Both countries managed to reduce inflation gradually while maintaining economic growth. Their greater currency flexibility, however, did not prevent the recessionary impact of the Asian and Russian crises of 1997-98, and Colombia did experience a financial crisis in 1999.

The collapse of Latin America’s currency pegs in the financial crises of the 1990s contributed to a shift in the world’s currency paradigm. Coming from different experiences, most countries converged on the adoption of a floating exchange rate, many in the context of inflation targeting.

But what most characterizes Latin America’s experience is that, despite publicly preaching the virtues of a floating rate, the authorities actively intervene in currency markets, this time in different and creative ways. Thus, the exchange rate regime in Latin America today is one of actively managed floating.

During the first part of the decade, intervention was motivated by a desire to avoid devaluation, and therefore to support the inflation-targeting objectives. However, in later periods the objective was to avoid real exchange rate appreciation, and, at the same time, to accumulate international reserves and strengthen credibility.

One important lesson from Latin America’s journey concerns the futility of relying on the exchange rate regime as the main stabilization instrument. Inflation is too stubborn to be tackled without a coordinated set of fiscal and monetary policies. Anchoring the exchange rate is likely to result in disproportionate real appreciation, loss of competitiveness, external and financial crises, and disastrous recessions.

A second lesson is the importance of flexibility. In the 1990s, when hard pegs were in vogue, it was believed that flexibility reduced credibility. Yet, in the end, credibility collapsed because of the lack of flexibility. Now, in a low-inflation environment, flexibility is properly regarded as an important tool to avoid misalignments and to shield economies from external shocks.

But flexibility is not a synonym for “pure" floating. In a highly integrated world of highly volatile prices and volumes, flexibility also implies the capacity to intervene and actively manage the exchange rate. Indeed, a third lesson is that neither hard pegs nor unfettered floating facilitates the preservation of a competitive real exchange rate, which is crucial to promoting and sustaining economic development.

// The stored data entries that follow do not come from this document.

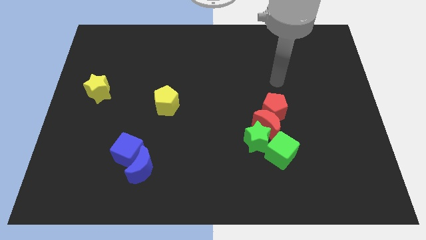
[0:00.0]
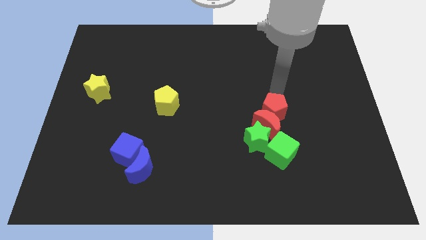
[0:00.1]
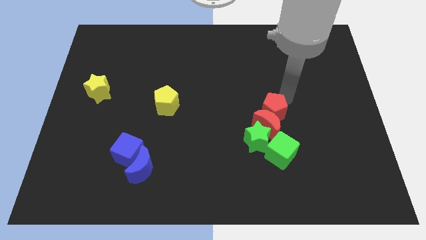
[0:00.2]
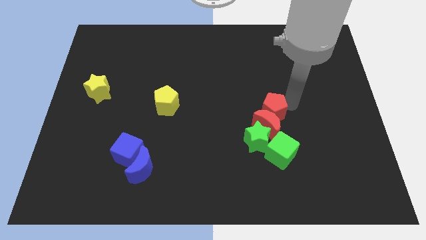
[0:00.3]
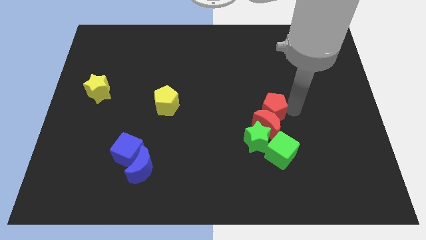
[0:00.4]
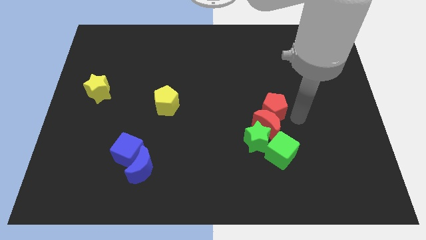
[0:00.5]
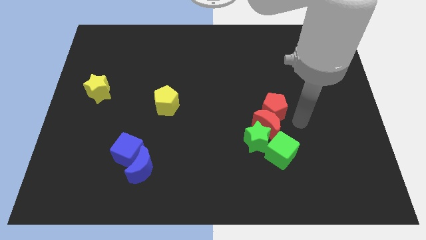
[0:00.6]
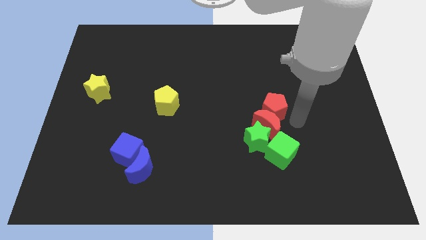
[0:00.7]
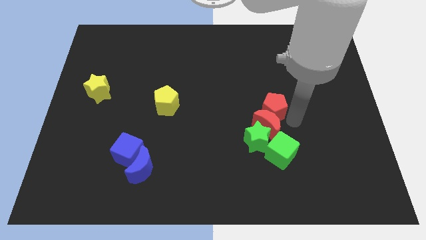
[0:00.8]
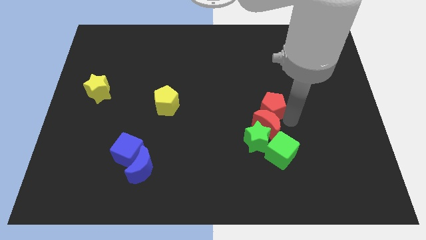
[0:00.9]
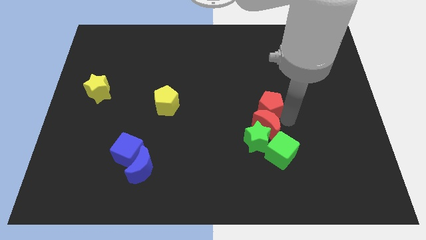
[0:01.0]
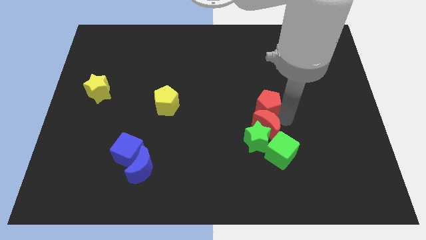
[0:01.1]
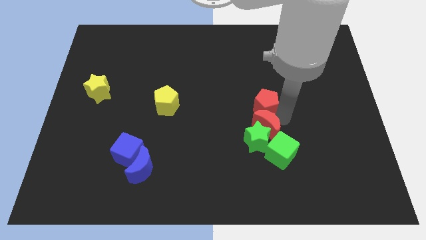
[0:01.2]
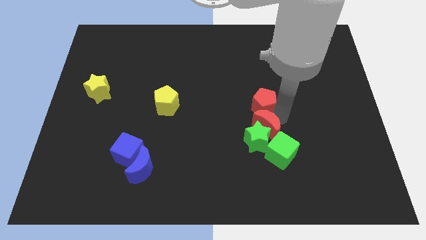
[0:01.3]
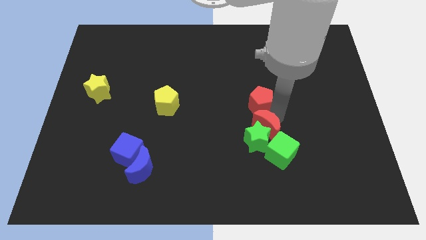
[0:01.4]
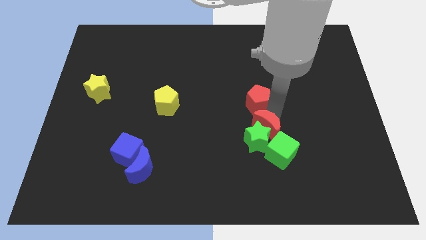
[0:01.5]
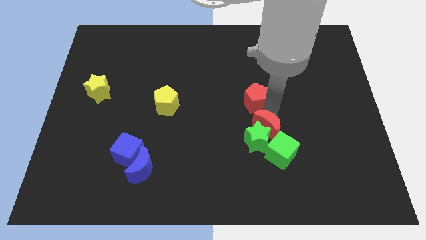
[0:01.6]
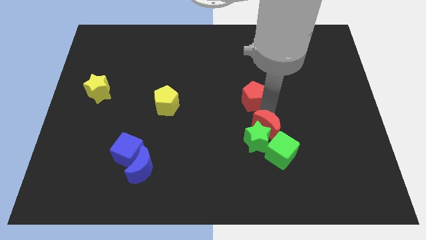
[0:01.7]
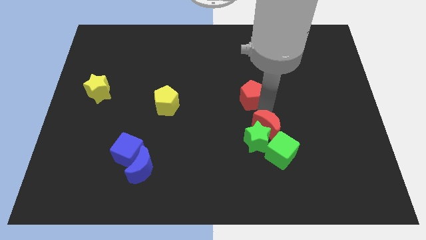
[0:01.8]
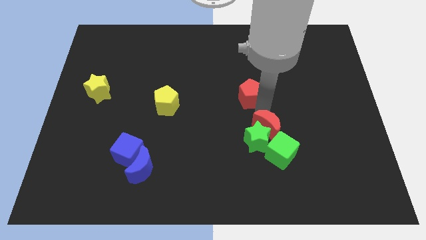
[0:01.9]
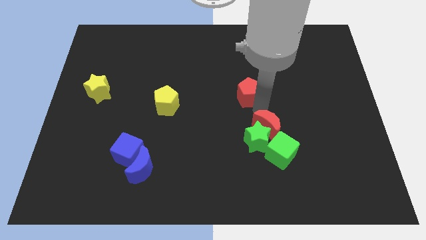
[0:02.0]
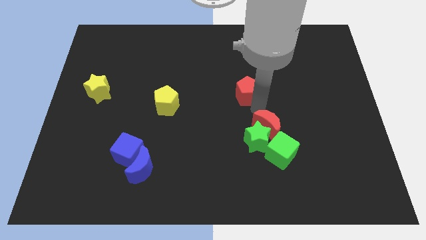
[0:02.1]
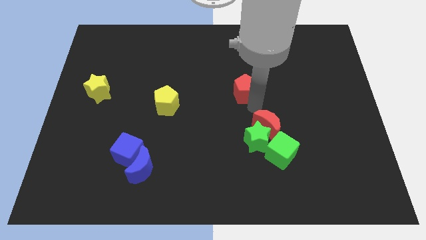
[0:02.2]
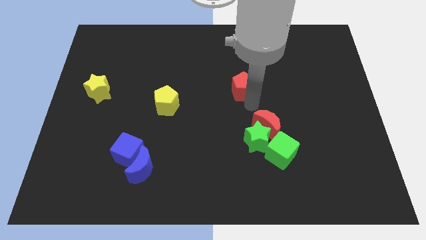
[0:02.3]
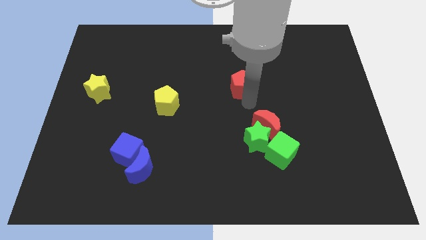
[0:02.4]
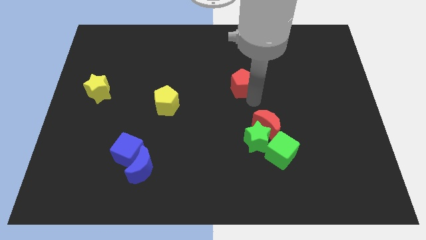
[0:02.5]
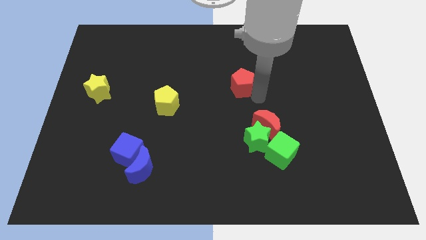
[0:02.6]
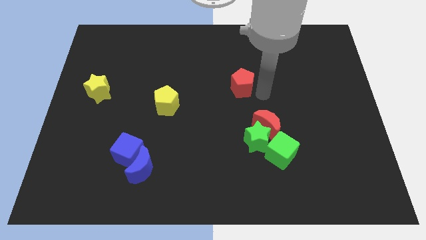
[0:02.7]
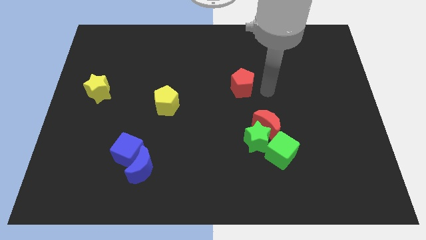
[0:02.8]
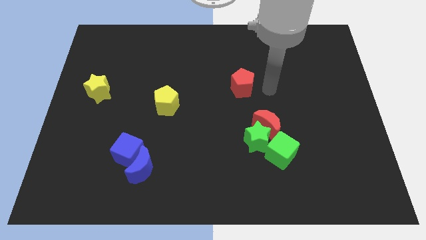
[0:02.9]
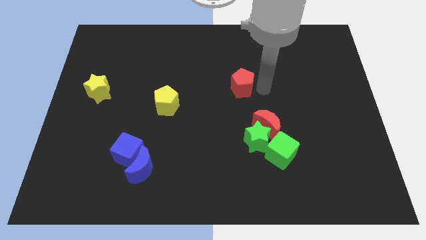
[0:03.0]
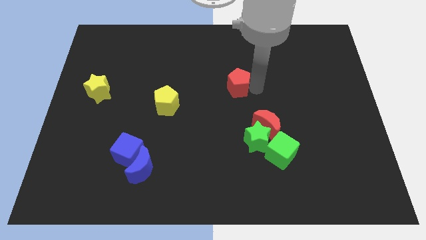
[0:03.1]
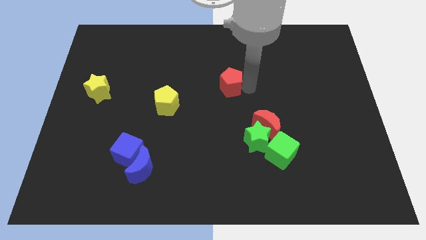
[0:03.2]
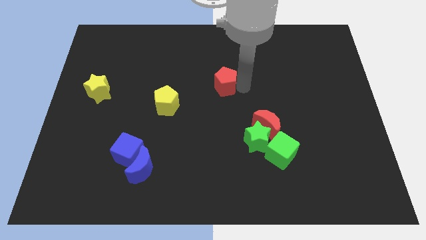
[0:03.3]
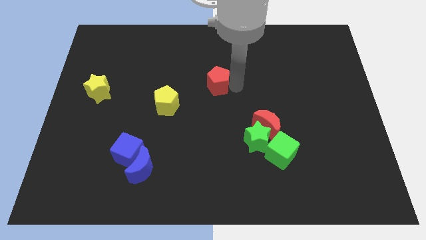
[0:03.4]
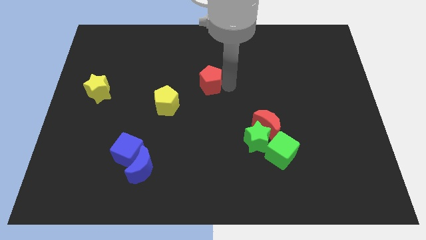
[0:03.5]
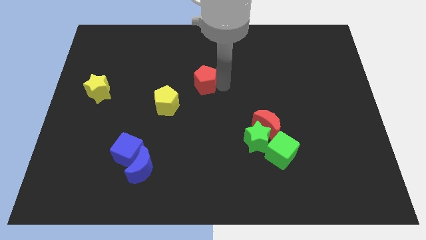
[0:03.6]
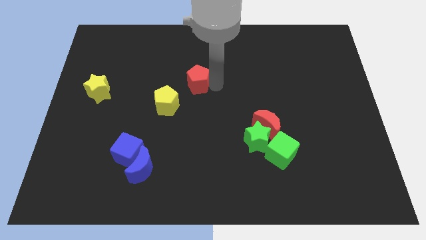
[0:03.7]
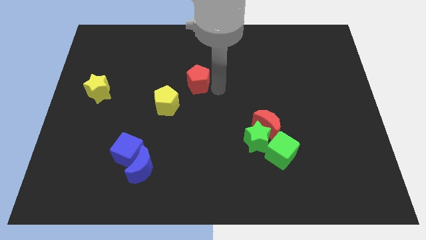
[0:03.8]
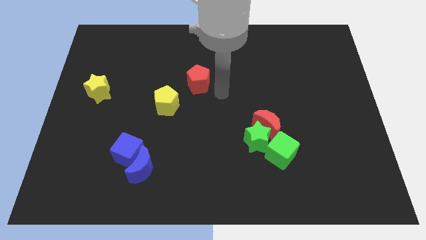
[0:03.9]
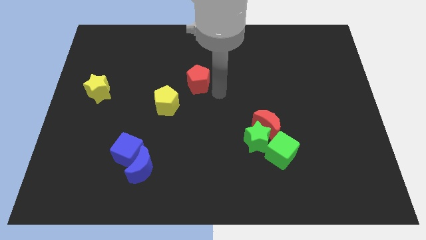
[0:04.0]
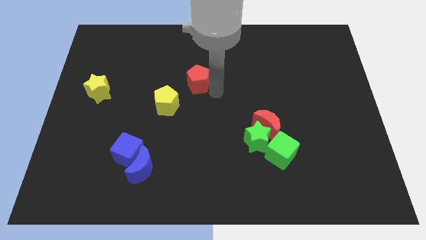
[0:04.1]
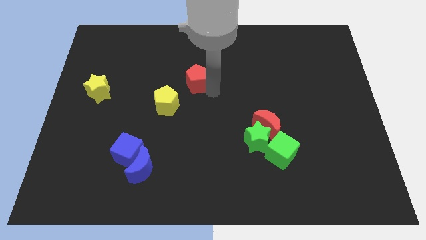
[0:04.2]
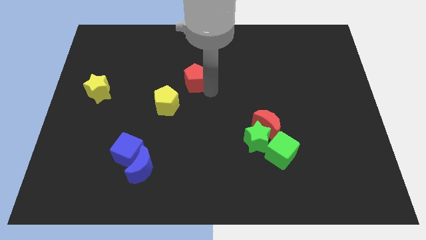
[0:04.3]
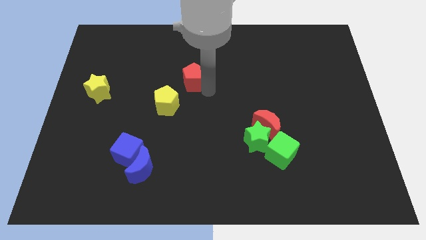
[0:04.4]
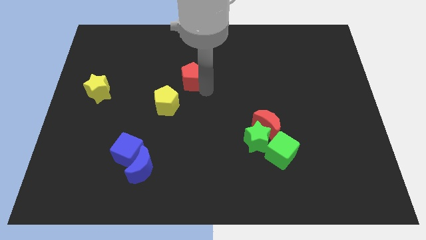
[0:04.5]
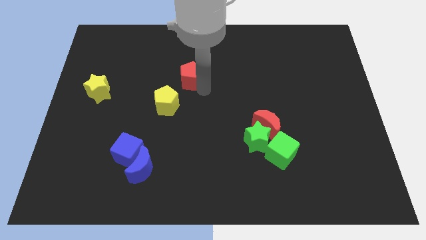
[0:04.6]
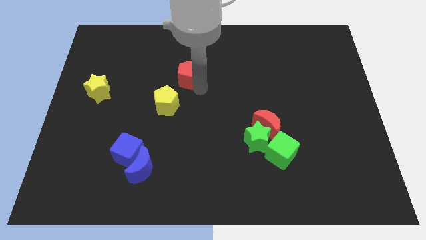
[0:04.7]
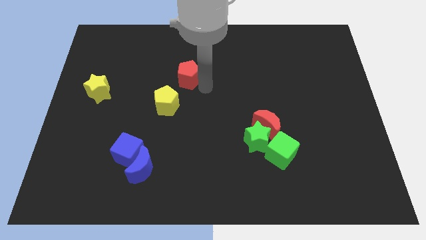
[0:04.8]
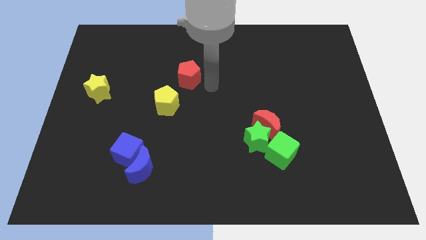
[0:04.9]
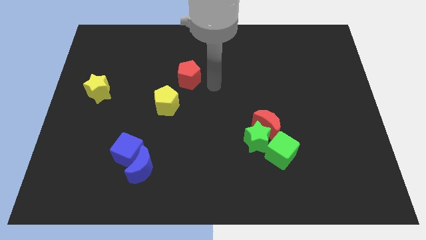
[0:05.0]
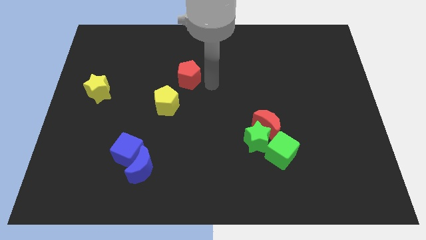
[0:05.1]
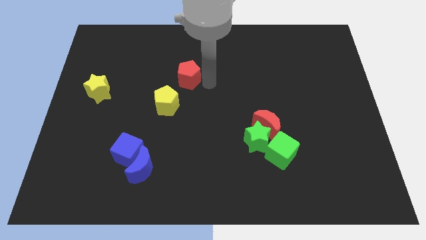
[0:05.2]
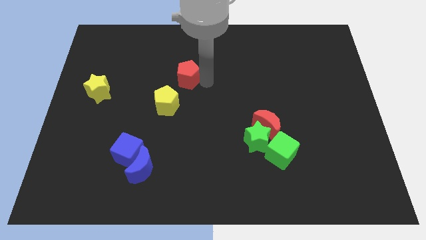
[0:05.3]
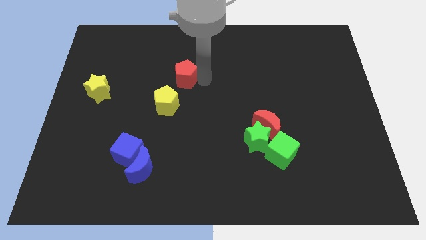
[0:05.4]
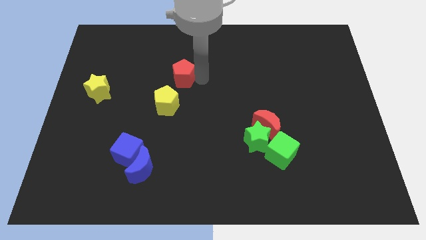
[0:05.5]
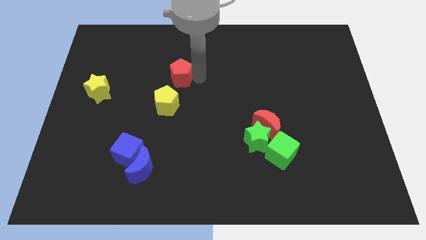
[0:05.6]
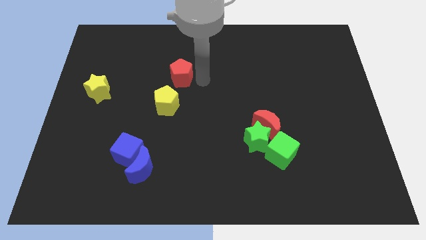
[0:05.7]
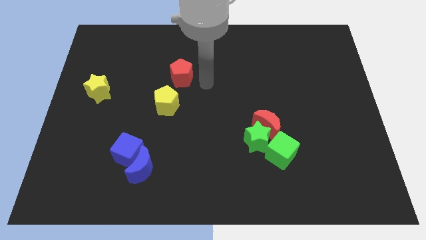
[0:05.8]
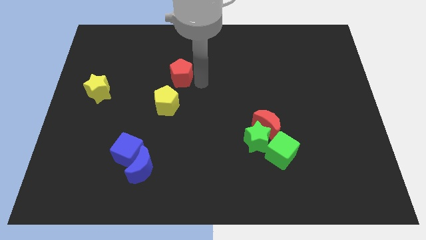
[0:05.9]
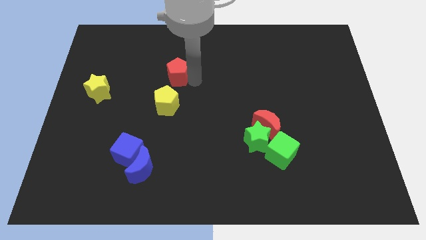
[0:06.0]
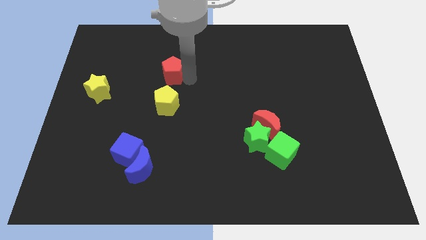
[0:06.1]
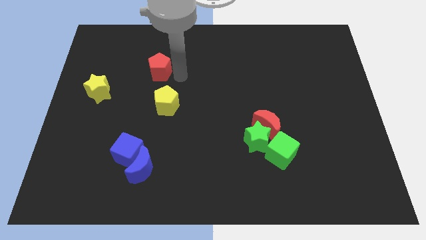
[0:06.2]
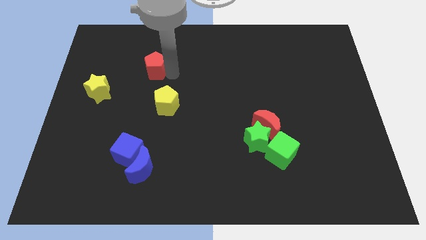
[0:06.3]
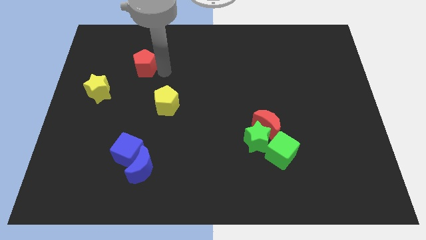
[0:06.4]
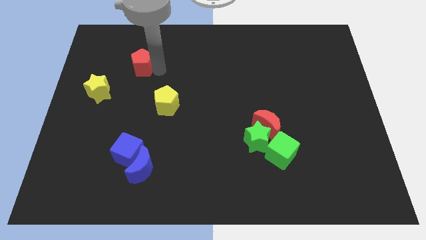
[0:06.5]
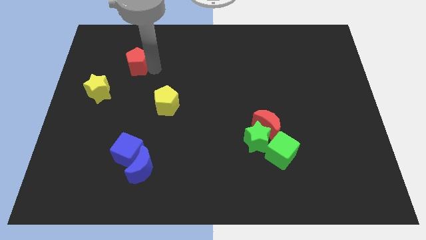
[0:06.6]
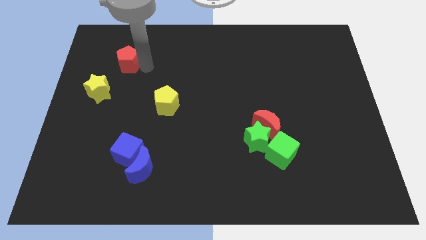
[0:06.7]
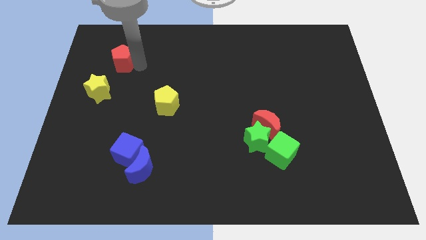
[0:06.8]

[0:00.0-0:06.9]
push the red pentagon to the top side of the yellow star

Managing a floating rate has also allowed Latin American countries to accumulate a significant level of international reserves. Despite advice to the contrary, this has been highly stabilizing. There is little doubt that substantial foreign reserves, together with the flexibility to float and intervene, have mitigated the impact of the recent crisis on Latin America, and contributed to its emergence as one of the best-performing regions in an era of deep uncertainty elsewhere.


Mario I. Blejer is a former governor of the Central Bank of Argentina.